# Porno Star



## sttu80 (Jan 28, 2004)

A young lady in the maternity ward just prior to labour is asked by
the midwife if she would like her husband to be present at the birth.

"I'm afraid I don't have a husband" she replied

"O.K. do you have a boyfriend?" asks the Midwife

"No, no boyfriend either."

"Do you have a partner then?"

"No, I'm unattached, I'll be having my baby on my own."

After the birth the midwife again speaks to the young woman. "You
have a healthy bouncing baby girl, but I must warn you before you see her
that the baby is black"

"Well," replies the girl. I was very down on my luck, with no money
and nowhere to live, and so I accepted a job in a Porno movie. The lead
man was black.

"Oh, I'm very sorry," says the midwife, "that's really none of my
business and I'm sorry that I have to ask you these awkward questions
but I must also tell you that the baby has blonde hair." "Well yes," the
girl again replies, "you see I desperately needed the money and there
was this Swedish guy also involved in the movie, what else could I do?"

"Oh, I'm sorry," the midwife repeats, "that's really none of my
business and I hate to pry further but your baby has slanted eyes."

"Well yes," continues the girl, "I was incredibly hard up and there
was a little Chinese man also in the movie, I really had no choice."

At this the midwife again apologises, collects the baby and presents
her to the girl, who immediately proceeds to give baby a slap on the bum.
The baby starts crying and the mother exclaims, "Well thank god for that!"

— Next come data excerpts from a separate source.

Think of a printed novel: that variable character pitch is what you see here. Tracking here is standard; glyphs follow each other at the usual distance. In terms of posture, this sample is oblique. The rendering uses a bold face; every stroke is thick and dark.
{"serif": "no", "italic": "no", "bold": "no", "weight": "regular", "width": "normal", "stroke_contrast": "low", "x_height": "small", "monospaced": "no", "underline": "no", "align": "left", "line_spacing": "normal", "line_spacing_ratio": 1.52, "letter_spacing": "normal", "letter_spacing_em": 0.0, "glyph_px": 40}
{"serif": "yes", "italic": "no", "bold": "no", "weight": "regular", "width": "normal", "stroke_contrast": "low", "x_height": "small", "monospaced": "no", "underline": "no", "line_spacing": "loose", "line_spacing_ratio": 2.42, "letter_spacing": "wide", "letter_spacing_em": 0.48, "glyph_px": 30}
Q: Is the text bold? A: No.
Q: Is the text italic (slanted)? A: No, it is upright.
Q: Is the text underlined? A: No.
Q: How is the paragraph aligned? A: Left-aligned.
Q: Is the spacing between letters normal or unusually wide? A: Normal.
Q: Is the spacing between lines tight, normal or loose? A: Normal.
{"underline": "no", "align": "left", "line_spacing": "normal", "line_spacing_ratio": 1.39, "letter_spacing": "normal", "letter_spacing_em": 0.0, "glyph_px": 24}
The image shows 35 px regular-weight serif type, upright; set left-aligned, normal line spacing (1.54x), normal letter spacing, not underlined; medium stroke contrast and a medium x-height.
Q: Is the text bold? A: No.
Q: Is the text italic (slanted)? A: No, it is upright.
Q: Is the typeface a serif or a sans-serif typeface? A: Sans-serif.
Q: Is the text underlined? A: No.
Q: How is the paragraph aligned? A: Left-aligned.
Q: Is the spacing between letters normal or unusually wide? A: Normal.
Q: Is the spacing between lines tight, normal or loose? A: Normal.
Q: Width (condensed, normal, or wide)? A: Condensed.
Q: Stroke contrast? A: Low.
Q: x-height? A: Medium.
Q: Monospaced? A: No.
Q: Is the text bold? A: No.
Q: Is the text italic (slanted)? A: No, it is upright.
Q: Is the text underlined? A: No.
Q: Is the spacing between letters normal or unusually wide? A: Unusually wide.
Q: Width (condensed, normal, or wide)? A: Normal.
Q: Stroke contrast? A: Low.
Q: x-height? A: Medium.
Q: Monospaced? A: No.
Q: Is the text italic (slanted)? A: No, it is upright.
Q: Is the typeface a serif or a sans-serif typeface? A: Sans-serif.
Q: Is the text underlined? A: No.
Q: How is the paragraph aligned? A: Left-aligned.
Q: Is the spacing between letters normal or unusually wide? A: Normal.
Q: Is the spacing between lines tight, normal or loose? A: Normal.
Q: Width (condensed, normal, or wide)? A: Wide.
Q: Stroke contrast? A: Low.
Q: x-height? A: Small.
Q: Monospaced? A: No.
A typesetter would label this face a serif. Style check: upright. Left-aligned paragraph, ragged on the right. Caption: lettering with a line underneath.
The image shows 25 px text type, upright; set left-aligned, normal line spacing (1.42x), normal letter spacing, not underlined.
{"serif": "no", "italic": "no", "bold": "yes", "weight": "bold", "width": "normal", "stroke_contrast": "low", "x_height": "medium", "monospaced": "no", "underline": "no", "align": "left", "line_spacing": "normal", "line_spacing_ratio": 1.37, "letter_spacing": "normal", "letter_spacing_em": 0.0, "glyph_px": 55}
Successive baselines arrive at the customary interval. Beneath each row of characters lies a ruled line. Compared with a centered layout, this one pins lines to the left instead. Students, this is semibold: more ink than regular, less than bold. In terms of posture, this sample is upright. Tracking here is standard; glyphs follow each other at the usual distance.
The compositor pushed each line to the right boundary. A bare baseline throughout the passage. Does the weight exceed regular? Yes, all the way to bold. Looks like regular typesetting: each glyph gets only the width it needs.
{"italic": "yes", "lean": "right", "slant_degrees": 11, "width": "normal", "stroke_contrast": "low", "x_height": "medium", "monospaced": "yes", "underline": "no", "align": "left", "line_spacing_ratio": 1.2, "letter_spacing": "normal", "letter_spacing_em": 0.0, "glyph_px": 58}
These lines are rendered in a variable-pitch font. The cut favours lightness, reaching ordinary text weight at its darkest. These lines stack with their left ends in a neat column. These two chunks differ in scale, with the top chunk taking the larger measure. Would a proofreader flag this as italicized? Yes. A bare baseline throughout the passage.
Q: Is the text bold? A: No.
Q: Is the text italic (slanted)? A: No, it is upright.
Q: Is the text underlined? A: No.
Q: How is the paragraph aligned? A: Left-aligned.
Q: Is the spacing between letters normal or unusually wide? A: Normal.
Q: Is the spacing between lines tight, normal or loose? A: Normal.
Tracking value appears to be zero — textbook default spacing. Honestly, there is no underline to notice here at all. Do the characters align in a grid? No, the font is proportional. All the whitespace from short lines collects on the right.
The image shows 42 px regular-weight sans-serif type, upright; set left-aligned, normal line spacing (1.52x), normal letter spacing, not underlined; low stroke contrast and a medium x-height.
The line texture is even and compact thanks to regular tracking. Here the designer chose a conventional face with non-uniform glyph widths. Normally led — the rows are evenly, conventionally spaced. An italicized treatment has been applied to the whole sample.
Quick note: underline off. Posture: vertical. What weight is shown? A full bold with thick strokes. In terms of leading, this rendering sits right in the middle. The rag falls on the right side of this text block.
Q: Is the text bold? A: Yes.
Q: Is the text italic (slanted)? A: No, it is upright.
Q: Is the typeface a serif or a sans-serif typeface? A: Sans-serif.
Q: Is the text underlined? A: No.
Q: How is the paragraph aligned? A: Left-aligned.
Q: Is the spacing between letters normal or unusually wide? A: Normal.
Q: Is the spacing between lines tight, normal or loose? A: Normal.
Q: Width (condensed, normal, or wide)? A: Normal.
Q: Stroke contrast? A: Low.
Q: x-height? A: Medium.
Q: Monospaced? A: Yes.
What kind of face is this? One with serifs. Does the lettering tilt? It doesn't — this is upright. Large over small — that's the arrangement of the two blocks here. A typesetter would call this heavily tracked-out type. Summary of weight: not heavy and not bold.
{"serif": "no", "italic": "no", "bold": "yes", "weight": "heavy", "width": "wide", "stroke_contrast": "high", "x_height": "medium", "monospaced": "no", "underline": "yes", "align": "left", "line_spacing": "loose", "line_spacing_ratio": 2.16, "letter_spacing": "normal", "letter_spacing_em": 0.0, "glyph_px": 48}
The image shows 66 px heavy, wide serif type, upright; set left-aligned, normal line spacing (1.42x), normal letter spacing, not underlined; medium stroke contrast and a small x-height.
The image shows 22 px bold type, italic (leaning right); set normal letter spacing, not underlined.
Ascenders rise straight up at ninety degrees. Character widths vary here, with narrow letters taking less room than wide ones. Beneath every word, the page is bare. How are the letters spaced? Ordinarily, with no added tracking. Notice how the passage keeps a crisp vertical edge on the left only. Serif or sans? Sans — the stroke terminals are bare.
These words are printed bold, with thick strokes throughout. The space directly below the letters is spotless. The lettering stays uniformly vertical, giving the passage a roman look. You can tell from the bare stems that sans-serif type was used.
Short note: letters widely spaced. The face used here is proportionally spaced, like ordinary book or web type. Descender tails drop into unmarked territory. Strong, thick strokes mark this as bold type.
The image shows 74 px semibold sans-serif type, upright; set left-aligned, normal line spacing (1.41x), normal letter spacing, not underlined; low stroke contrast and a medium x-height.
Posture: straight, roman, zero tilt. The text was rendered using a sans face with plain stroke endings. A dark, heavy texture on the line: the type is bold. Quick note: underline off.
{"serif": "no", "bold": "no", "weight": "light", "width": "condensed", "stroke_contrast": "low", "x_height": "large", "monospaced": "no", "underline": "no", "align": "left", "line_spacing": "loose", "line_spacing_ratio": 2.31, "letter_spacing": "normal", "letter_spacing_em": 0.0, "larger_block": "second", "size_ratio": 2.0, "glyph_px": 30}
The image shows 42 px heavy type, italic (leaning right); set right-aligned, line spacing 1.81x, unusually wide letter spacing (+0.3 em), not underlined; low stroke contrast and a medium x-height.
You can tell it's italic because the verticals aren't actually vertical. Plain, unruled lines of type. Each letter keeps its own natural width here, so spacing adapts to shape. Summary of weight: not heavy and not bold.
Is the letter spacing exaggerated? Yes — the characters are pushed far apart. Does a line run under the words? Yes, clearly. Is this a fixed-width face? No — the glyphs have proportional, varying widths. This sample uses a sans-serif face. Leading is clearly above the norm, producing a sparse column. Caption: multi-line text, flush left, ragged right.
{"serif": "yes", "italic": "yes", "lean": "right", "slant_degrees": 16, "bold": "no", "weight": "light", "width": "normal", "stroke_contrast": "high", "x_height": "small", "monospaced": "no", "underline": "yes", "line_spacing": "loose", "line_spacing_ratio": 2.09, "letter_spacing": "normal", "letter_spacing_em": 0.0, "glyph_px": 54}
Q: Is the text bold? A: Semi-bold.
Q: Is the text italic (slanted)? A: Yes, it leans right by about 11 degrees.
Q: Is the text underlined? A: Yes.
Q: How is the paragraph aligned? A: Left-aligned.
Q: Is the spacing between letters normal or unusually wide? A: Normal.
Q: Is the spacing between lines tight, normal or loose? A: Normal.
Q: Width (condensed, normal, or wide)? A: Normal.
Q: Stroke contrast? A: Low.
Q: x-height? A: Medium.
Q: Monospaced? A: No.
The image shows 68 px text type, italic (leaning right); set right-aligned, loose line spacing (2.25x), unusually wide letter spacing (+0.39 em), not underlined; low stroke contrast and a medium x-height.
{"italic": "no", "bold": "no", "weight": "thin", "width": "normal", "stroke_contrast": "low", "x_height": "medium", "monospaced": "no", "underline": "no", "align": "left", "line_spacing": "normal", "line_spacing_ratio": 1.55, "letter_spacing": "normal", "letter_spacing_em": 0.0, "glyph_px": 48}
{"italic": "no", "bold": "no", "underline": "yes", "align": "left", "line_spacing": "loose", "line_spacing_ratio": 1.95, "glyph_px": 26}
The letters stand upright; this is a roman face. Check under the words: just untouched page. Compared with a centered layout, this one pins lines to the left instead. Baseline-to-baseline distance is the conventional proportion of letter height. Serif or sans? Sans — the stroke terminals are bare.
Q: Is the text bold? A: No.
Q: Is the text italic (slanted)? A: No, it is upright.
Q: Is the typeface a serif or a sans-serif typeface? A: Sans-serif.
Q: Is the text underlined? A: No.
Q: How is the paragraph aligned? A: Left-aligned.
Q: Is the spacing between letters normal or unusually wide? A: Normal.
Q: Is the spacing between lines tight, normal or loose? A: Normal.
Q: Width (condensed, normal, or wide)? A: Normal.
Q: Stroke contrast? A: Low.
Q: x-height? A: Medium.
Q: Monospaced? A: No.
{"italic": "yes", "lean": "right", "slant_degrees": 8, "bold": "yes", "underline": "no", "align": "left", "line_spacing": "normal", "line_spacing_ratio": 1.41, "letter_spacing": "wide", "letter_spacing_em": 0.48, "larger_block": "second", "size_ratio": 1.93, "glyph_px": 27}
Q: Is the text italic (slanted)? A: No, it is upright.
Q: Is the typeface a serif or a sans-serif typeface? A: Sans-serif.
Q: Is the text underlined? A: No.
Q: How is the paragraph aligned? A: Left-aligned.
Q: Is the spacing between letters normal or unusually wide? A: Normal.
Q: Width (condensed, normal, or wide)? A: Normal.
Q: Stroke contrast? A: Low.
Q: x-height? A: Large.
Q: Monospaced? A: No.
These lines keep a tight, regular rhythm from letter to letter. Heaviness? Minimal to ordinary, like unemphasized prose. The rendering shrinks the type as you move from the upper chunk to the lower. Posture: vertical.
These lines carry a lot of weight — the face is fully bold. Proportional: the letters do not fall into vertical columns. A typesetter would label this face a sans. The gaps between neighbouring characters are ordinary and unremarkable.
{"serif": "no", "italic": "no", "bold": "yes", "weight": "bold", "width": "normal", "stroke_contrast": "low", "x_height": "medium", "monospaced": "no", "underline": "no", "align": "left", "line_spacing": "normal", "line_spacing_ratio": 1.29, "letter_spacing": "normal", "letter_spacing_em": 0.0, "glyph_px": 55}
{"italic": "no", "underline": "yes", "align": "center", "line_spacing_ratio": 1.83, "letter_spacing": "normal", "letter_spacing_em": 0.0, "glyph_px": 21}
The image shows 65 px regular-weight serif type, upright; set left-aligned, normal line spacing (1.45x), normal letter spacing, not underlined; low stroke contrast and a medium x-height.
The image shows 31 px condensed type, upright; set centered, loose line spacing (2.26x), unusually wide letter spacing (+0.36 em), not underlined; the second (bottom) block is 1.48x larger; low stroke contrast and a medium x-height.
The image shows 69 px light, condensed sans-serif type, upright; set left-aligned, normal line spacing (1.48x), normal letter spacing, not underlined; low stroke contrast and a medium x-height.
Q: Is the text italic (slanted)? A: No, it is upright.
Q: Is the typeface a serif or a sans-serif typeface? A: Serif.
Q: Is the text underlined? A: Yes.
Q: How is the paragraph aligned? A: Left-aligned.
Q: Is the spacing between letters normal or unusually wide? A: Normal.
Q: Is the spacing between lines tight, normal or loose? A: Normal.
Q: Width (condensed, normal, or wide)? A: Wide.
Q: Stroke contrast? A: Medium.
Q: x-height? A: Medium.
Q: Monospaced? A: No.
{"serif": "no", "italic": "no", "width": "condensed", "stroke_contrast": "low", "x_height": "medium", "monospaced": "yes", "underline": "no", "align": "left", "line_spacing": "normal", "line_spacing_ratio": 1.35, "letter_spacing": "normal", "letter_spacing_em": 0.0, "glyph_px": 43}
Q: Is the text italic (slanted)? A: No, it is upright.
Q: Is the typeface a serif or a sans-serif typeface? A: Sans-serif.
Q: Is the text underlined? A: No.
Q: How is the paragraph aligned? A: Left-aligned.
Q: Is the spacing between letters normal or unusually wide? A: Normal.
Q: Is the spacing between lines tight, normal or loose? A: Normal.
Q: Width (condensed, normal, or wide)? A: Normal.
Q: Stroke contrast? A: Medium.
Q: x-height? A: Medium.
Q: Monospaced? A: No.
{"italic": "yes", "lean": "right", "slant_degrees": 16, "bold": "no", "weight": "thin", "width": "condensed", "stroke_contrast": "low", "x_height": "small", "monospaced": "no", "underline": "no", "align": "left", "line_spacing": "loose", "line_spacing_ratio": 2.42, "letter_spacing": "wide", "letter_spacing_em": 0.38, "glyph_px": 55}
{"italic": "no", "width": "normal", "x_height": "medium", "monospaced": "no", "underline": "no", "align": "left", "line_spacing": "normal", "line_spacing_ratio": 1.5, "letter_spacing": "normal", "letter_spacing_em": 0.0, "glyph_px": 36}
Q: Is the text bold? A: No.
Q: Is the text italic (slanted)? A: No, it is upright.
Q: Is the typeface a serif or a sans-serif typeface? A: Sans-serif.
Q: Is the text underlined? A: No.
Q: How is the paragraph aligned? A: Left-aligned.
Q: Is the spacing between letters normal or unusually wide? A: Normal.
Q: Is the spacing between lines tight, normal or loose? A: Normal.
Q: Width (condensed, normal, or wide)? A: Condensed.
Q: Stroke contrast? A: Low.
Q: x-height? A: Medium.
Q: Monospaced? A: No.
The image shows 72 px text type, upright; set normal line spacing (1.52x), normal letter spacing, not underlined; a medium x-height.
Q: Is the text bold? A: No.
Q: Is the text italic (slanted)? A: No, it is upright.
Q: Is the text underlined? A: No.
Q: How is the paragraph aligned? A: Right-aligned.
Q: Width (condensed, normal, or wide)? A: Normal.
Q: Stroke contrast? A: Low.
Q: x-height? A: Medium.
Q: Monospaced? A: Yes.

"What do you mean?" says the midwife, shocked. "Well," says the girl
extremely relieved, "I had this horrible feeling that it was going to
bark."


----------



## YELLOW_TT (Feb 25, 2004)

that joke is a bit woof :lol:


----------



## Hannibal (Dec 1, 2003)

YELLOW_TT said:


> that joke is a bit woof :lol:


not as much as that one is*....

H
*using the word joke in the 'loosest' sense of the word....


----------



## d8ean (Nov 7, 2003)

woof woof! :lol:


----------